Беттина. И не орел тоже!
Советница. Ну пусть его будет коршун!
Беттина. И вовсе не коршун!
Советница. Значит, кукушка, не воробей же он, в самом деде!
Беттина. Да это сорока.
Советница. Вот и забирай отсюда эту сороку, уноси подальше и не морочь мне голову своими естественнонаучными познаниями, — твоя сорока еще, чего доброго, загадит мне тут весь пол.
Беттина. Но почему же эта сорока теперь моя?
Советница. Да, она твоя! И незабудки тоже возьми себе, на что старой женщине незабудки. Д теперь избавь меня от сороки. Куда мне девать эту птицу?

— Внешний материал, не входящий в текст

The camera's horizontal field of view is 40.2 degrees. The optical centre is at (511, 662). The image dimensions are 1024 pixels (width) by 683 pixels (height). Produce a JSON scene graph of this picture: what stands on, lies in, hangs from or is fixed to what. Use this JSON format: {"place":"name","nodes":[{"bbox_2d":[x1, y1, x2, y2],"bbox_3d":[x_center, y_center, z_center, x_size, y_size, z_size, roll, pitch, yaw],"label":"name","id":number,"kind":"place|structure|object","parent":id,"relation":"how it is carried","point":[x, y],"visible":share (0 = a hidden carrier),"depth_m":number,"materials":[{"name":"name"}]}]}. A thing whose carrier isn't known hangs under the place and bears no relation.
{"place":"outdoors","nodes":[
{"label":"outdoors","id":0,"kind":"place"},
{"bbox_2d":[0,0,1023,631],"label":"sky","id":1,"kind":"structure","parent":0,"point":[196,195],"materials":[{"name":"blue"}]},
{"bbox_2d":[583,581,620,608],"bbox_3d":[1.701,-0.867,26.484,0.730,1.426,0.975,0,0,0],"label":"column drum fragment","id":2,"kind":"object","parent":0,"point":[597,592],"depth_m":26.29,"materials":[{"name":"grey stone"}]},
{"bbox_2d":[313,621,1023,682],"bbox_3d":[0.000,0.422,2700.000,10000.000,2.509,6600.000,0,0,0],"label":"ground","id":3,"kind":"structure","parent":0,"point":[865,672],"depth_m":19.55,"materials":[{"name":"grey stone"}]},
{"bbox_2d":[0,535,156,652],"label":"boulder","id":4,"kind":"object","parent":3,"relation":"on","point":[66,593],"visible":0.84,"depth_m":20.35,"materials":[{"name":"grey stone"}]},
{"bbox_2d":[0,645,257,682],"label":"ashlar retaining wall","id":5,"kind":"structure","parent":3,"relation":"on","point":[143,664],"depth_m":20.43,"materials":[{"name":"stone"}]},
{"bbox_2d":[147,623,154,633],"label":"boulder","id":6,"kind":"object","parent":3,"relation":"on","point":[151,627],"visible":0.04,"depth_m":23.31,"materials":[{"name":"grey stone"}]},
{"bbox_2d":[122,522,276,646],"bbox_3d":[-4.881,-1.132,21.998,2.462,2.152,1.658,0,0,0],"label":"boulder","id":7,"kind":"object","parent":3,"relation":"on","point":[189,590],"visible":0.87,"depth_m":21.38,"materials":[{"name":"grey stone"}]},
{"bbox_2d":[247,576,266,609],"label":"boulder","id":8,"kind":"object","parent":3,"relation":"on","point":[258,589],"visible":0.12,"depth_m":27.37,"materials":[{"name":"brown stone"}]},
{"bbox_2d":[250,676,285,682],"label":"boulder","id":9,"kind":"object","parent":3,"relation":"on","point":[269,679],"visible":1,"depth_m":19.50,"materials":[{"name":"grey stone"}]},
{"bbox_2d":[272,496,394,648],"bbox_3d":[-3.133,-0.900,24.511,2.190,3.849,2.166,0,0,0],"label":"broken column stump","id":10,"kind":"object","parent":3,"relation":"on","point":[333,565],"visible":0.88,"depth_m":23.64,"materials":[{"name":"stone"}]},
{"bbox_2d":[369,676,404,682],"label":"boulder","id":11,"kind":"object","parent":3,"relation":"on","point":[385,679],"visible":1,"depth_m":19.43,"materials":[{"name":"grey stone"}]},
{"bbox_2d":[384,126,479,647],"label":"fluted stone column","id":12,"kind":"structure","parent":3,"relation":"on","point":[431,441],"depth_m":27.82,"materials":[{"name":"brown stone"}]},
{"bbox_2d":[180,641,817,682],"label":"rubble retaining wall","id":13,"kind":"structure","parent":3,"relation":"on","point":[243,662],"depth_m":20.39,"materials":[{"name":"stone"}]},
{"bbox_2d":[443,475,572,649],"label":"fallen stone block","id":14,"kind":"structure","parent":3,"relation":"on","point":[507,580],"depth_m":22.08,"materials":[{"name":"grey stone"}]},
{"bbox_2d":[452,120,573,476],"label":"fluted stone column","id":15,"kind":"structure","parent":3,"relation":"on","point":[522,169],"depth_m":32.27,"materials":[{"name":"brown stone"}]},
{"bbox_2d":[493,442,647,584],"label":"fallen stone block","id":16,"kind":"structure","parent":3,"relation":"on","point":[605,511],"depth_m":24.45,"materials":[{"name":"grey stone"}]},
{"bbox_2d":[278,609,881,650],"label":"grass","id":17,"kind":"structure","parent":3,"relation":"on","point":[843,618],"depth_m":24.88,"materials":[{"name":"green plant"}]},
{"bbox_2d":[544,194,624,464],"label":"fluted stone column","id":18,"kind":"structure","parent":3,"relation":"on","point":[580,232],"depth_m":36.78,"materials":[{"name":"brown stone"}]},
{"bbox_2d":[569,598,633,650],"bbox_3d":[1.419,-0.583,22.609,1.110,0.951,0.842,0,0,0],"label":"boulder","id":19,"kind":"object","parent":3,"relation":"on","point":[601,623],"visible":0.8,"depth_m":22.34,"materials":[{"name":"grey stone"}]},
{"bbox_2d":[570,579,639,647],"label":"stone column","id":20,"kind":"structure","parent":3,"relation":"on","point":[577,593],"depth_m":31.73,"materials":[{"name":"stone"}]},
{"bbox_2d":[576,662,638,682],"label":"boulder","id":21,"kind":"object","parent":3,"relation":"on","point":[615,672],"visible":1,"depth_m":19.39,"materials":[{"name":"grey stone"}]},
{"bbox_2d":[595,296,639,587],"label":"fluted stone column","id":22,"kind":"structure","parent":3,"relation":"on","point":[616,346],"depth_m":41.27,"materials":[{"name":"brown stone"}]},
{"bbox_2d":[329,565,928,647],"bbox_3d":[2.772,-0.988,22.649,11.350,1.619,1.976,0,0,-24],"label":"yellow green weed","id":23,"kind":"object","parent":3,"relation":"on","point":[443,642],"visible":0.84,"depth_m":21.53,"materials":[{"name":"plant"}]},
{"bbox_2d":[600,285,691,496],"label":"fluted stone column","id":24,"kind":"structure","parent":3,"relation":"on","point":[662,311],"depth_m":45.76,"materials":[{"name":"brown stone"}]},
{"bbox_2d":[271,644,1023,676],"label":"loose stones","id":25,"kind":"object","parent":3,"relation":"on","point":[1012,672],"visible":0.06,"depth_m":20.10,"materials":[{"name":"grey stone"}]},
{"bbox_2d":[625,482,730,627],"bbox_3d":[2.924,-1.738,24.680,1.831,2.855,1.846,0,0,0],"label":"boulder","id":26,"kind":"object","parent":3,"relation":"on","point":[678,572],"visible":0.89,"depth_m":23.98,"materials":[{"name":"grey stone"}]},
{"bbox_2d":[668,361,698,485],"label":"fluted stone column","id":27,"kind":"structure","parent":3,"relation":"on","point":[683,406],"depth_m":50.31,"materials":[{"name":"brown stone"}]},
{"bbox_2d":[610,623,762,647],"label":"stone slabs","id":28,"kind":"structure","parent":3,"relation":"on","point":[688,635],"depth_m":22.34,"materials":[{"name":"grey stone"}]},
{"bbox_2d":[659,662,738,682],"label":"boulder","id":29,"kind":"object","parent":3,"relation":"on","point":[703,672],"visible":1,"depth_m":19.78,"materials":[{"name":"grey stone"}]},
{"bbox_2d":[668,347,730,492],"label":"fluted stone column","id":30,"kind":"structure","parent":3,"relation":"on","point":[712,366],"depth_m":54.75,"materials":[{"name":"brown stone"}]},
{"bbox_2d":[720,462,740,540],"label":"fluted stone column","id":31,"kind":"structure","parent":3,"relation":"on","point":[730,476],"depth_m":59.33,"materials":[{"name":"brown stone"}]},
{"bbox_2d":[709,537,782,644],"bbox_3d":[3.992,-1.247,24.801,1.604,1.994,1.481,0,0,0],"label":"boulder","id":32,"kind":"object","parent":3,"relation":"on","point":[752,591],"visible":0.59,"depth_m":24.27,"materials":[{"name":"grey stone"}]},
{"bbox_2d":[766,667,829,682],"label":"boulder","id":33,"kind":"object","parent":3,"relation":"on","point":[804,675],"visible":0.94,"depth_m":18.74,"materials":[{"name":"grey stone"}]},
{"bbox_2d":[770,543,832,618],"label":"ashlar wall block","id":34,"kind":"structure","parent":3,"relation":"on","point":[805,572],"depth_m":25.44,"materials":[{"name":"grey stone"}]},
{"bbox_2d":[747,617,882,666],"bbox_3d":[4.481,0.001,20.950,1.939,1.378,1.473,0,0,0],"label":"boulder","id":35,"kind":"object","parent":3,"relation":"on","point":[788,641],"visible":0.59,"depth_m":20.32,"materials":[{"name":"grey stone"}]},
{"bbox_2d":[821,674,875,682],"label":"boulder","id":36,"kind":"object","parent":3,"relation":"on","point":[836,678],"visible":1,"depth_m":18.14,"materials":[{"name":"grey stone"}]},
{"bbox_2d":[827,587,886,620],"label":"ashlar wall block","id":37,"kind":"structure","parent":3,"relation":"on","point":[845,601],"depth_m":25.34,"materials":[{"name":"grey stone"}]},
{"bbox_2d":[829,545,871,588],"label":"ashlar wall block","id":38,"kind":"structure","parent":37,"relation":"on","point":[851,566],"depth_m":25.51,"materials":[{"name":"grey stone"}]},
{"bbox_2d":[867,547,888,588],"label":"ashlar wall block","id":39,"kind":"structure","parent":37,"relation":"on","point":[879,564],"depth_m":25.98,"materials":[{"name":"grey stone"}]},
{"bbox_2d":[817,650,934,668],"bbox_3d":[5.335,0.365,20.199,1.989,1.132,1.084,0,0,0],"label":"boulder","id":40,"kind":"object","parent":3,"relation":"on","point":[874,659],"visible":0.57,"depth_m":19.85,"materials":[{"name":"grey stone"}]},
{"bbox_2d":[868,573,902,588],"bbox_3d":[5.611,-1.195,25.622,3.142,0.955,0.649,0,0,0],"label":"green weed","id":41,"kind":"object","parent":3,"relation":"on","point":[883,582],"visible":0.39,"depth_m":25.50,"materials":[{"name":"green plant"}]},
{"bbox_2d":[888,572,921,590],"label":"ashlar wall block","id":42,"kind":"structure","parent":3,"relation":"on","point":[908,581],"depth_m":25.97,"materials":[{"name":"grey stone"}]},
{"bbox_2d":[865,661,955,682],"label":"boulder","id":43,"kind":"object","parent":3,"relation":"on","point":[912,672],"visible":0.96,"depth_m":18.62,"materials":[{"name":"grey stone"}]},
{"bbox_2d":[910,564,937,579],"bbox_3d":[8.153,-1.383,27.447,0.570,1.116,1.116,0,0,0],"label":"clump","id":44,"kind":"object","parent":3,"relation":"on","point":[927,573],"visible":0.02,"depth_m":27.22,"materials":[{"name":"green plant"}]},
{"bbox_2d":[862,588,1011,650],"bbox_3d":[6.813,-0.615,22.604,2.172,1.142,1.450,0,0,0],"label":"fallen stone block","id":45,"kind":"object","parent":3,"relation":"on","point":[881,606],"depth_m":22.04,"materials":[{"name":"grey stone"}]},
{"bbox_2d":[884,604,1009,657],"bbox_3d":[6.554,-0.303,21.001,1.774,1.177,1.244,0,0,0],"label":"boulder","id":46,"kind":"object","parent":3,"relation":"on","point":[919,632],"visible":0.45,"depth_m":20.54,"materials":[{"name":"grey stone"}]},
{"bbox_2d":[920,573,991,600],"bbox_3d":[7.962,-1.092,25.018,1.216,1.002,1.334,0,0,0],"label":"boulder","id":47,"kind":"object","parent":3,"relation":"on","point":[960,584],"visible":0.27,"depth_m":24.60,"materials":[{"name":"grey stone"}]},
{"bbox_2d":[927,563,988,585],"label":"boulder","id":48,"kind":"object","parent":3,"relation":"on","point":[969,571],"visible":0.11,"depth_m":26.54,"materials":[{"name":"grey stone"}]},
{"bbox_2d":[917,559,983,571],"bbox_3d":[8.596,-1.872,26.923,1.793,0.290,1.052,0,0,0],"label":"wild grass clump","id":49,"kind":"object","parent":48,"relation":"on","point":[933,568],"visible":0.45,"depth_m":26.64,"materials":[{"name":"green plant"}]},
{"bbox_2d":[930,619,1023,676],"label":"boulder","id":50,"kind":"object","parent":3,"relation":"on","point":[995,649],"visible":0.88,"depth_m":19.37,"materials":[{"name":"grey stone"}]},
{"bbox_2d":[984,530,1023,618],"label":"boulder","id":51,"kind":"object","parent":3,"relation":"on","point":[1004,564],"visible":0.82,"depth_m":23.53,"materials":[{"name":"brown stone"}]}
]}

Беттина. Выпустите ее обратно в лес!
Советница. Вот еще! Теперь, когда она уже такая ученая, все по глазам понимает, что хочешь ей сказать, — взять и выгнать ее обратно в лес?

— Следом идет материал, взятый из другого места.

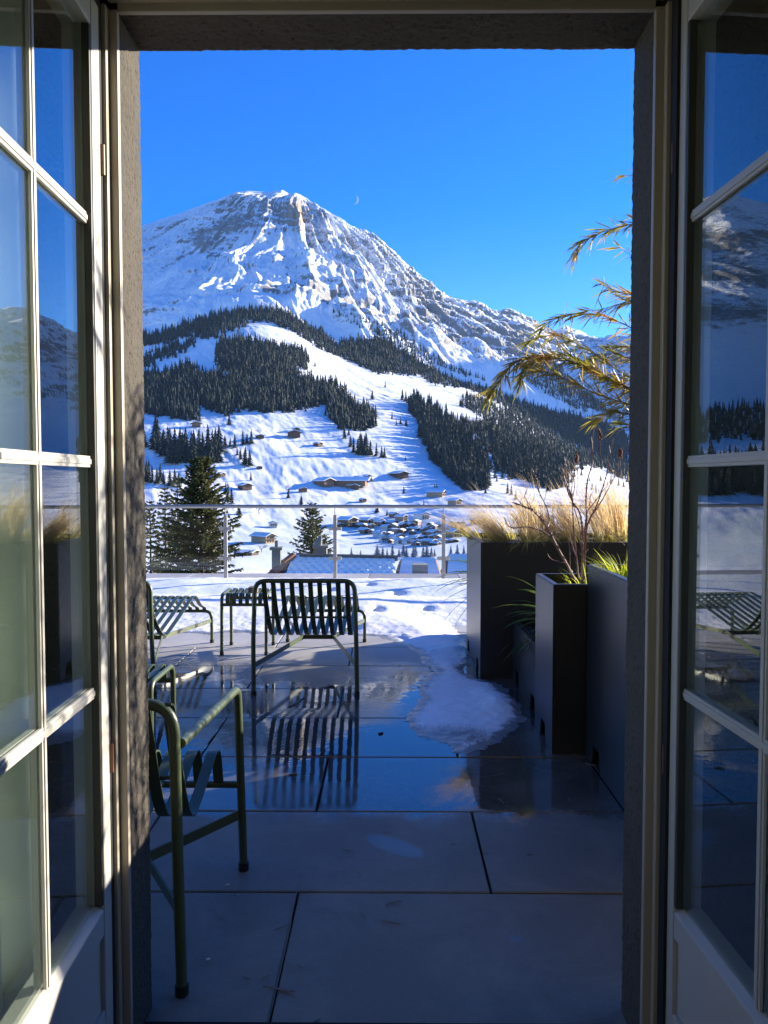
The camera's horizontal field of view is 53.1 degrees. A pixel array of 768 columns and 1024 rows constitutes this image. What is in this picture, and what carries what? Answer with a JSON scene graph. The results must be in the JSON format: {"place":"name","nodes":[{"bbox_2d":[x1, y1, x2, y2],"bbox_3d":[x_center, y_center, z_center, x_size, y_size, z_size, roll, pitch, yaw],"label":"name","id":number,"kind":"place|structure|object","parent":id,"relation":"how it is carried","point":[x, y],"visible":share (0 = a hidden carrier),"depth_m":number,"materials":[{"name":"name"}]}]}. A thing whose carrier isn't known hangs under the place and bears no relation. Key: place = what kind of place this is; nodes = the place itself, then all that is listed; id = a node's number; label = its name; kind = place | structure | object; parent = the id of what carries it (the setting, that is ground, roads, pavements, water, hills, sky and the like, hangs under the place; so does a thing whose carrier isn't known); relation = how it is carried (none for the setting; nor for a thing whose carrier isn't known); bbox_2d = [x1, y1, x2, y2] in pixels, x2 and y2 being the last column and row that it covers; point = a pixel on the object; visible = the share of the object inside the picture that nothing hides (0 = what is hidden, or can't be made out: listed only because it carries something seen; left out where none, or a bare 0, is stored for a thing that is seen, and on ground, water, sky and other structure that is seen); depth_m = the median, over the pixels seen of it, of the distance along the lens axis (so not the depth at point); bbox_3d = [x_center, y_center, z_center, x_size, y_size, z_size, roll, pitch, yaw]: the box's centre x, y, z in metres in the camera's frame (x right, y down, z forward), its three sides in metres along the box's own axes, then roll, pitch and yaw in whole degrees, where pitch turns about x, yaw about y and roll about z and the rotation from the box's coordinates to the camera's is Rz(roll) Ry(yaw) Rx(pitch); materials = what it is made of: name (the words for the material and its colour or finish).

Беттина. Ну и что? Она сможет обучить других сорок и послать своих апостолов в пустыню, к людям.
Советница. Ах этот французик! Какой у него был чистый, пламенный взор, когда он прощался, — у меня из ума нейдет! Вон там, у окна, стоял он под вечер, когда садилось солнце, смотрел на закат, а когда обернулся, глаза полны были слез. Я говорю: „Поди сюда, мальчик!“, протягиваю ему руку и спрашиваю: „Ты, верно, думаешь сейчас о своей Франции, о своей отчизне?“ „Oui, patrie! — говорит он, — adieu pour jamais!“[54]— говорит он и целует вон ту птицу, которую привез с собой из Франции. Нет, думаю, у этого юноши не солдатская кровь в жилах! Но как только запели вчера: „Marchons, enfants de la patrie!“[55] — ты бы на него поглядела! Вытянулся в струнку, топнул ногой, в глазах огонь, губы дерзко выпячены, как у бога войны. Надел он шлем, а когда сорока вздумала порхнуть ему на голову, сказал: „Non! Non!“[56] — и отогнал ее. Ну, и вот он отбыл! Бедняга Летье, славный паренек! Ты посмотри только на эту птицу, как она прислушивается! Гляди, она выходит из угла, впору подумать, будто она его имя знает! Возьми ее и посади на стол. Эй! Черт побери! Эта бесовка уселась мне на голову! Марш с моего нового чепчика, это тебе не хвост французского фрака!»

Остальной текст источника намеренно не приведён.